Solution:
Given data:

X = 0.854 Y (i.e., X and Y are positively correlated)
Y = 0.89X (i.e., X and Y are positively correlated)
σx = 3

Step 1: Calculation of Coefficient of Correlation (r)
r = √(0.854 * 0.89) = 0.870
Therefore, the coefficient of correlation is 0.870.

Step 2: Calculation of Standard Deviation of Y (σy)
σy = σx / r
σy = 3 / 0.870
σy = 3.448
Therefore, the standard deviation of Y is 3.448.

Explanation:

Coefficient of Correlation (r): It is a measure of the strength and direction of the relationship between two variables. It ranges from -1 to +1. A value of +1 indicates a perfect positive correlation, 0 indicates no correlation, and -1 indicates a perfect negative correlation. In this case, the coefficient of correlation is 0.870, which indicates a strong positive correlation between X and Y.

Standard Deviation of Y (σy): It is a measure of the dispersion or variability of Y values around the mean.

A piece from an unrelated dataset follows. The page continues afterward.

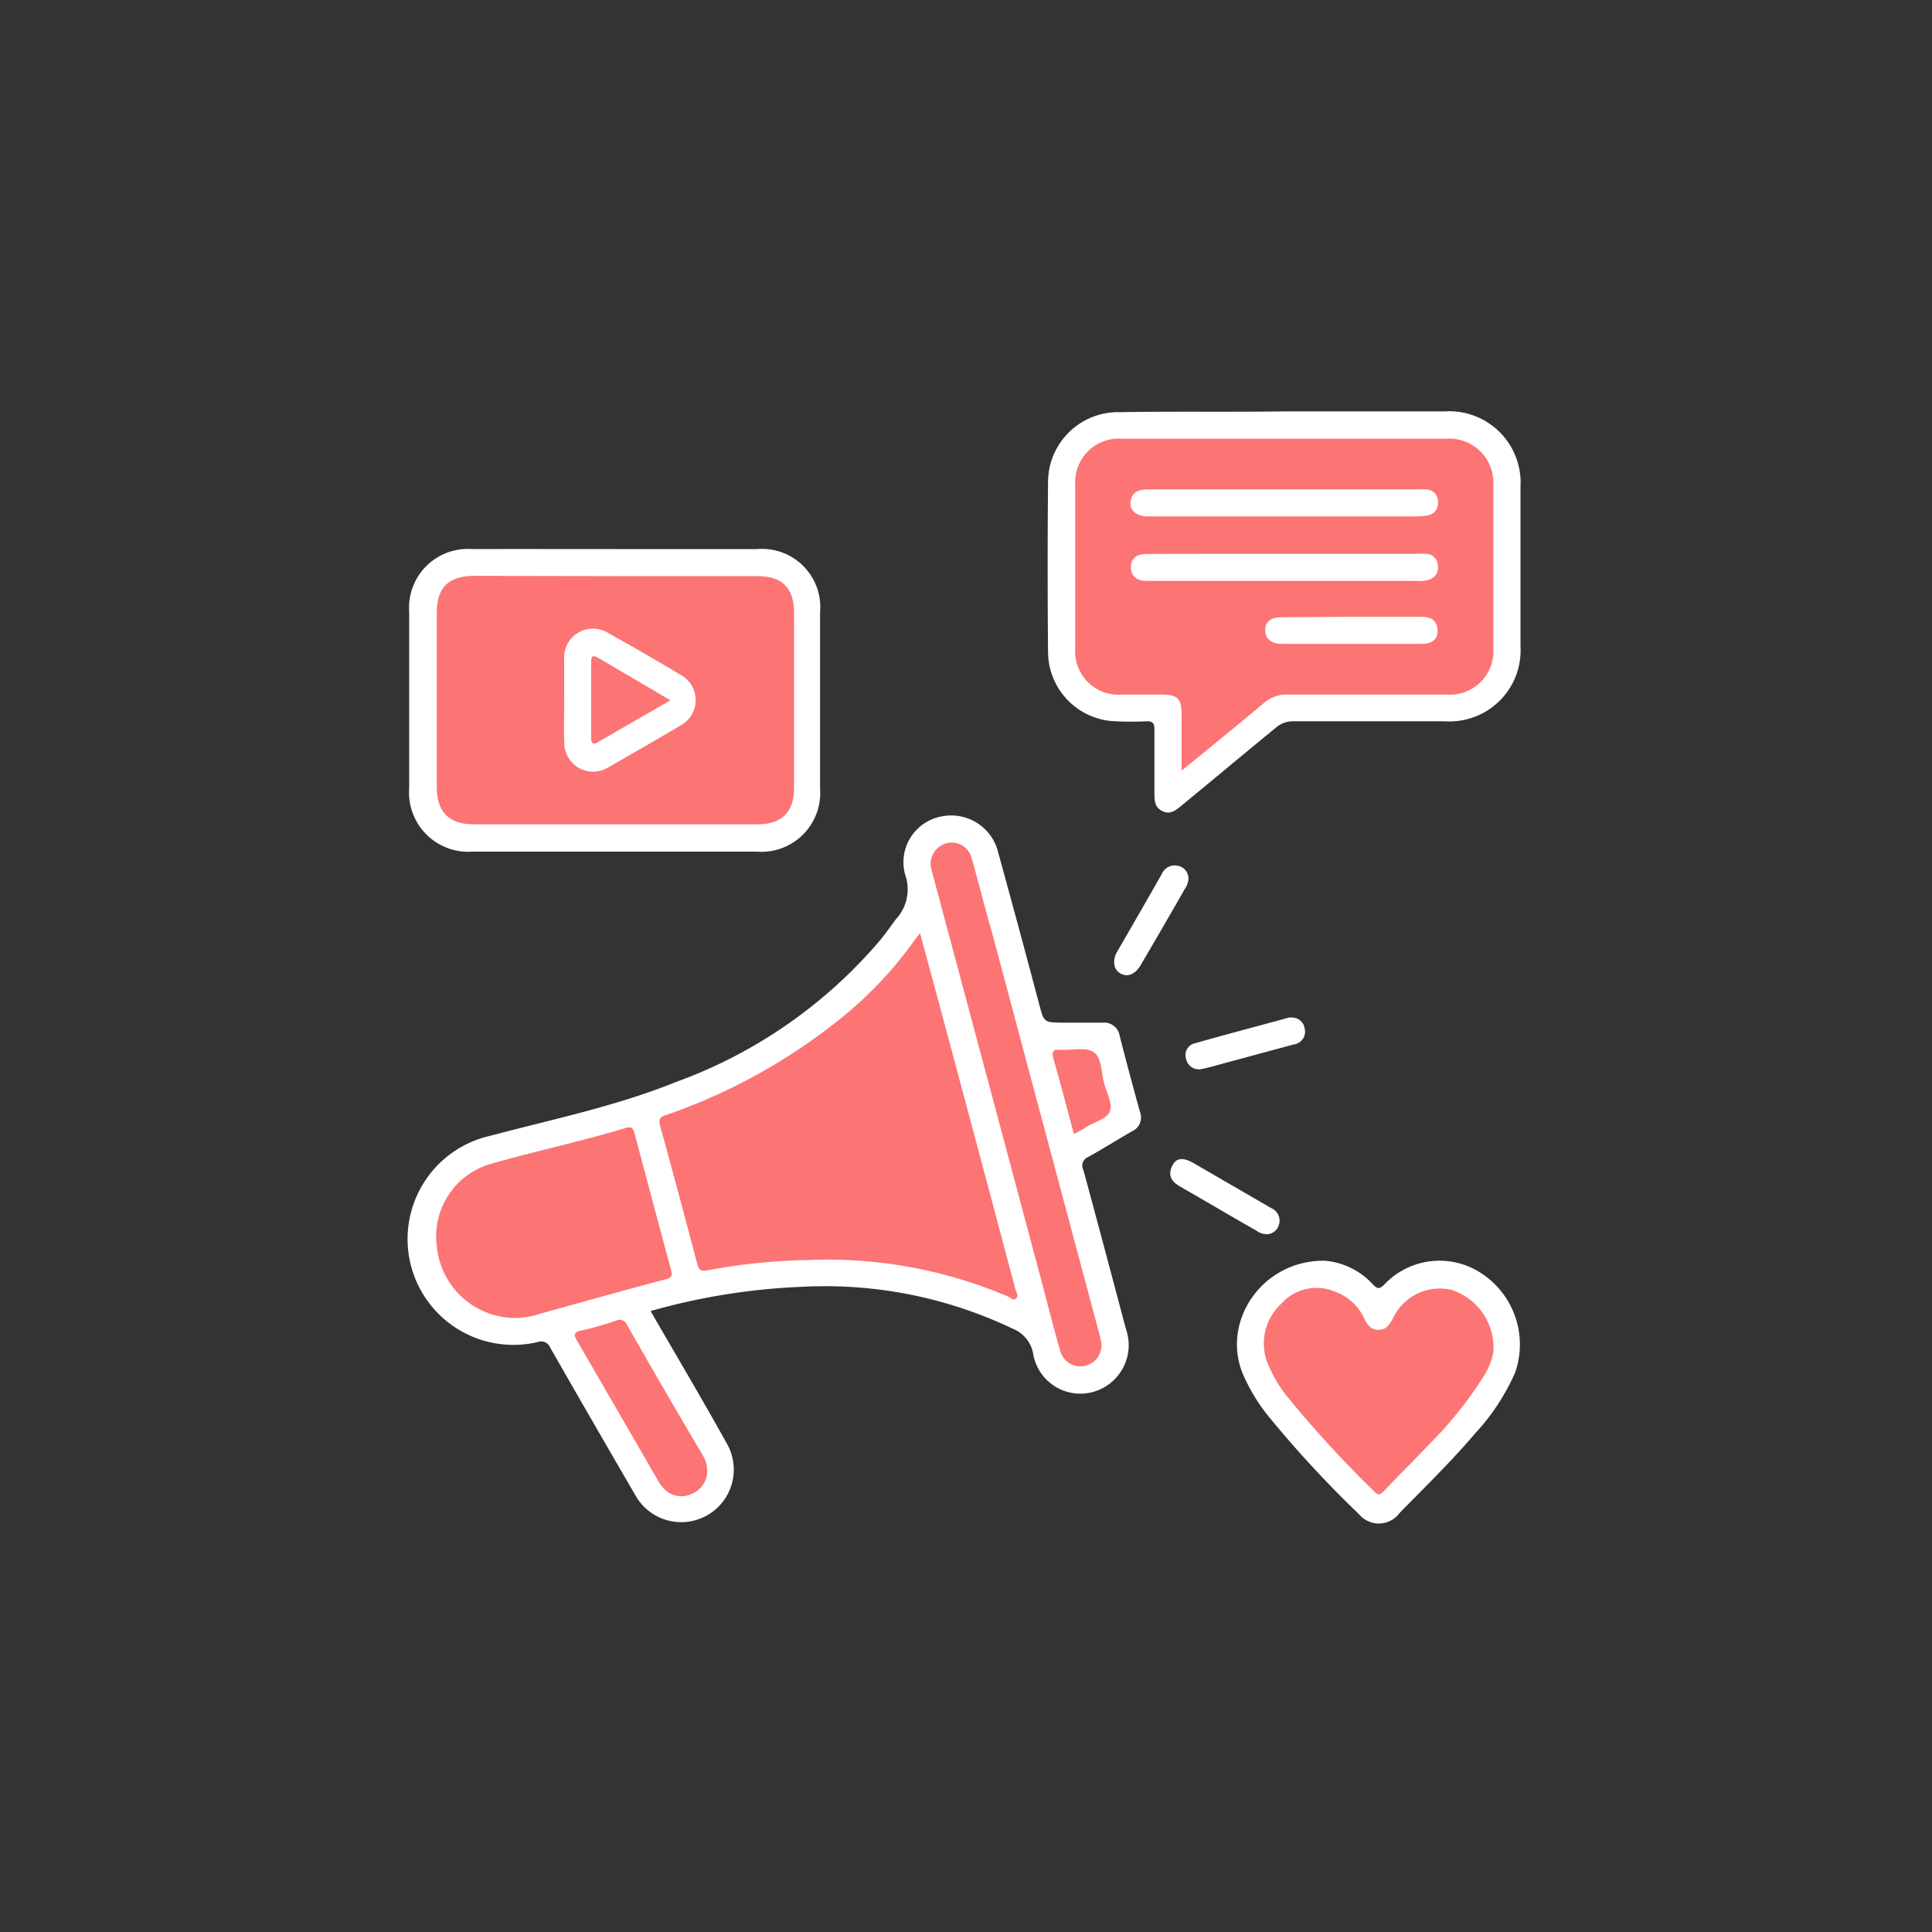<svg xmlns="http://www.w3.org/2000/svg" id="Layer_1" data-name="Layer 1" viewBox="0 0 150 150"><rect x="0" y="0" width="150" height="150" fill="#333333" stroke="none"/><defs><style>.cls-1{fill:#fff;}.cls-2{fill:#fc7474;}</style></defs><path class="cls-1" d="M50.51,101.79c2,3.46,4,6.83,5.89,10.23a4.08,4.08,0,1,1-7.11,4q-3.3-5.67-6.56-11.37a.77.77,0,0,0-1-.45,8.21,8.21,0,0,1-3.74-16C42.85,86.91,47.8,85.9,52.5,84A37.6,37.6,0,0,0,68.39,72.93c.4-.5.75-1,1.15-1.54a3.41,3.41,0,0,0,.73-3.5A3.61,3.61,0,0,1,73,63.41a3.75,3.75,0,0,1,4.5,2.78Q79.13,72.1,80.69,78c.37,1.38.36,1.38,1.81,1.4,1,0,2,0,3.07,0a1.23,1.23,0,0,1,1.37,1.06q.77,3,1.58,5.91a1.16,1.16,0,0,1-.63,1.46c-1.13.66-2.25,1.35-3.4,2a.71.71,0,0,0-.38,1c1.12,4.11,2.21,8.22,3.3,12.33a3.77,3.77,0,0,1-2.55,4.91,3.71,3.71,0,0,1-4.65-3,2.57,2.57,0,0,0-1.56-1.9,33.8,33.8,0,0,0-16.22-3.27A50.43,50.43,0,0,0,50.51,101.79Z"></path><path class="cls-1" d="M99.73,31.94h12.45a5.54,5.54,0,0,1,5.87,5.87q0,6.18,0,12.35A5.52,5.52,0,0,1,112.18,56c-3.92,0-7.83,0-11.75,0a2,2,0,0,0-1.34.47c-2.44,2-4.91,4.06-7.36,6.08-.44.36-.87.73-1.49.42s-.61-.85-.61-1.42c0-1.64,0-3.28,0-4.91,0-.5-.14-.66-.64-.64a23.22,23.22,0,0,1-2.36,0,5.41,5.41,0,0,1-5.26-5.37q-.06-6.62,0-13.23A5.44,5.44,0,0,1,86.94,32C91.2,31.93,95.47,32,99.73,31.94Z"></path><path class="cls-1" d="M47.77,42.63c3.68,0,7.36,0,11,0a4.53,4.53,0,0,1,4.9,4.92q0,6.83,0,13.67a4.57,4.57,0,0,1-4.93,4.9H36.69a4.6,4.6,0,0,1-4.92-4.93V47.51a4.56,4.56,0,0,1,4.86-4.88C40.35,42.62,44.06,42.63,47.77,42.63Z"></path><path class="cls-1" d="M102.81,97.88a5.7,5.7,0,0,1,3.8,1.86c.36.37.5.33.86,0a5.89,5.89,0,0,1,7.59-.85,6.61,6.61,0,0,1,2.57,7.69,17.11,17.11,0,0,1-3.11,4.72c-1.84,2.16-3.87,4.14-5.85,6.16a2,2,0,0,1-3.16.1,85.25,85.25,0,0,1-7-7.57,13.9,13.9,0,0,1-2.06-3.43C94.87,102.53,98,97.86,102.81,97.88Z"></path><path class="cls-1" d="M98.24,95.82a1.46,1.46,0,0,1-.71-.28c-2-1.14-3.92-2.28-5.88-3.4-.63-.36-1-.81-.67-1.56s.92-.72,1.72-.26l6,3.48a1.06,1.06,0,0,1,.59,1.31A1,1,0,0,1,98.24,95.82Z"></path><path class="cls-1" d="M100.3,79a1,1,0,0,1,1,.88,1,1,0,0,1-.85,1.21l-5.22,1.41c-.65.17-1.28.37-1.94.5a1,1,0,0,1-1.19-.75A.94.94,0,0,1,92.77,81c2.43-.69,4.88-1.33,7.32-2A1.15,1.15,0,0,1,100.3,79Z"></path><path class="cls-1" d="M92.27,68.23A1.51,1.51,0,0,1,92,69c-1.14,2-2.27,3.94-3.42,5.9-.45.78-1.07,1-1.62.66s-.58-1.06-.22-1.68c1.16-2,2.31-4,3.45-6a1.1,1.1,0,0,1,1.38-.63A1,1,0,0,1,92.27,68.23Z"></path><path class="cls-2" d="M71.43,72.45c.64,2.36,1.25,4.6,1.85,6.84q2.79,10.39,5.55,20.78c.07.25.27.53.06.74s-.43-.06-.63-.15a35.72,35.72,0,0,0-15.54-2.83,45.77,45.77,0,0,0-7.75.79c-.48.09-.7.06-.84-.49q-1.4-5.37-2.88-10.72c-.21-.71.24-.76.67-.91A44.91,44.91,0,0,0,65.36,79a30.36,30.36,0,0,0,5.58-5.91C71.07,72.9,71.21,72.73,71.43,72.45Z"></path><path class="cls-2" d="M40.1,102.33a6.14,6.14,0,0,1-6.18-5.51,5.86,5.86,0,0,1,4.19-6.46c3.49-1,7-1.73,10.48-2.79.42-.12.56,0,.67.4q1.41,5.32,2.84,10.64c.11.41.07.59-.41.71-3.36.89-6.7,1.83-10,2.75A6.36,6.36,0,0,1,40.1,102.33Z"></path><path class="cls-2" d="M72.26,67.22a1.67,1.67,0,0,1,1.3-1.77,1.59,1.59,0,0,1,1.88,1.19c.54,1.87,1,3.76,1.55,5.65q4.17,15.61,8.35,31.23a4.7,4.7,0,0,1,.12.51,1.63,1.63,0,1,1-3.16.8c-.47-1.65-.9-3.32-1.34-5q-4.27-16-8.56-32C72.33,67.6,72.28,67.34,72.26,67.22Z"></path><path class="cls-2" d="M54.91,114.2A1.94,1.94,0,0,1,53.67,116a1.85,1.85,0,0,1-2.16-.46,3.31,3.31,0,0,1-.5-.72q-3.07-5.32-6.17-10.66c-.27-.47-.39-.72.31-.86a25.69,25.69,0,0,0,2.69-.77.61.61,0,0,1,.84.33Q51.61,108,54.57,113A2.33,2.33,0,0,1,54.91,114.2Z"></path><path class="cls-2" d="M83.38,88.05c-.54-2-1.06-4-1.6-5.9-.13-.48-.06-.69.51-.65.9.07,2-.24,2.63.19s.57,1.57.8,2.4.66,1.56.46,2.17-1.19.82-1.82,1.23C84.07,87.68,83.76,87.84,83.38,88.05Z"></path><path class="cls-2" d="M91.74,59.83V55.47c0-1.23-.31-1.54-1.57-1.54H87.11a3.37,3.37,0,0,1-3.63-3.59q0-6.36,0-12.71a3.38,3.38,0,0,1,3.57-3.57h25.32a3.41,3.41,0,0,1,3.57,3.59q0,6.34,0,12.7a3.37,3.37,0,0,1-3.56,3.58q-6.22,0-12.45,0a2.62,2.62,0,0,0-1.82.67C96.06,56.31,94,58,91.74,59.83Z"></path><path class="cls-2" d="M47.82,44.73h11c1.91,0,2.83.92,2.83,2.85q0,6.78,0,13.58c0,1.91-.94,2.84-2.85,2.84h-22c-2,0-2.89-1-2.89-2.92q0-6.74,0-13.49c0-2,.92-2.87,2.9-2.88Z"></path><path class="cls-2" d="M115.94,105a5.35,5.35,0,0,1-.84,2,30.37,30.37,0,0,1-4.23,5.23c-1.12,1.19-2.29,2.33-3.41,3.52-.29.3-.46.41-.81,0a87.11,87.11,0,0,1-6.63-7.22,10.39,10.39,0,0,1-1.64-2.78,4.2,4.2,0,0,1,1.08-4.51,3.65,3.65,0,0,1,4.07-1,4.07,4.07,0,0,1,2.41,2.16c.23.47.51.85,1.1.85s.84-.42,1.1-.87a4,4,0,0,1,4.57-2.23A4.71,4.71,0,0,1,115.94,105Z"></path><path class="cls-1" d="M99.73,38H110a7,7,0,0,1,.79,0,.92.92,0,0,1,.85,1,.91.91,0,0,1-.74,1,3.74,3.74,0,0,1-1,.09H89.08c-.83,0-1.37-.46-1.31-1.09.08-.8.62-1,1.36-1Z"></path><path class="cls-1" d="M99.73,43H110a6.89,6.89,0,0,1,.79,0,.92.92,0,0,1,.84.87A1,1,0,0,1,111,45a2.45,2.45,0,0,1-1,.1H89c-.71,0-1.22-.36-1.2-1.09s.53-1,1.26-1C92.61,43,96.17,43,99.73,43Z"></path><path class="cls-1" d="M104.91,47.89h5.44c.71,0,1.21.23,1.26,1s-.43,1.1-1.28,1.1H99.55c-.86,0-1.32-.4-1.32-1.07s.45-1,1.34-1Z"></path><path class="cls-1" d="M43.8,54.32c0-1,0-2.1,0-3.15a2.24,2.24,0,0,1,3.46-2q2.79,1.55,5.52,3.19a2.24,2.24,0,0,1,0,4Q50,58,47.19,59.6a2.24,2.24,0,0,1-3.38-2c-.05-1.11,0-2.22,0-3.33Z"></path><path class="cls-2" d="M52.05,54.37l-5.68,3.28c-.36.21-.47,0-.47-.31,0-2,0-4,0-6,0-.48.21-.46.54-.27Z"></path></svg>

In this case, we are given the value of σx, which is the standard deviation of X. We can use the formula σy = σx / r to calculate the standard deviation of Y. Since r is positive, the standard deviation of Y will also be positive. The value of σy is 3.448, which indicates that the Y values are spread out around the mean by an average of 3.448 units.

Conclusion:

In conclusion, the coefficient of correlation between X and Y is 0.870, which indicates a strong positive correlation. The standard deviation of Y is 3.448, which means that the Y values are spread out around the mean by an average of 3.448 units.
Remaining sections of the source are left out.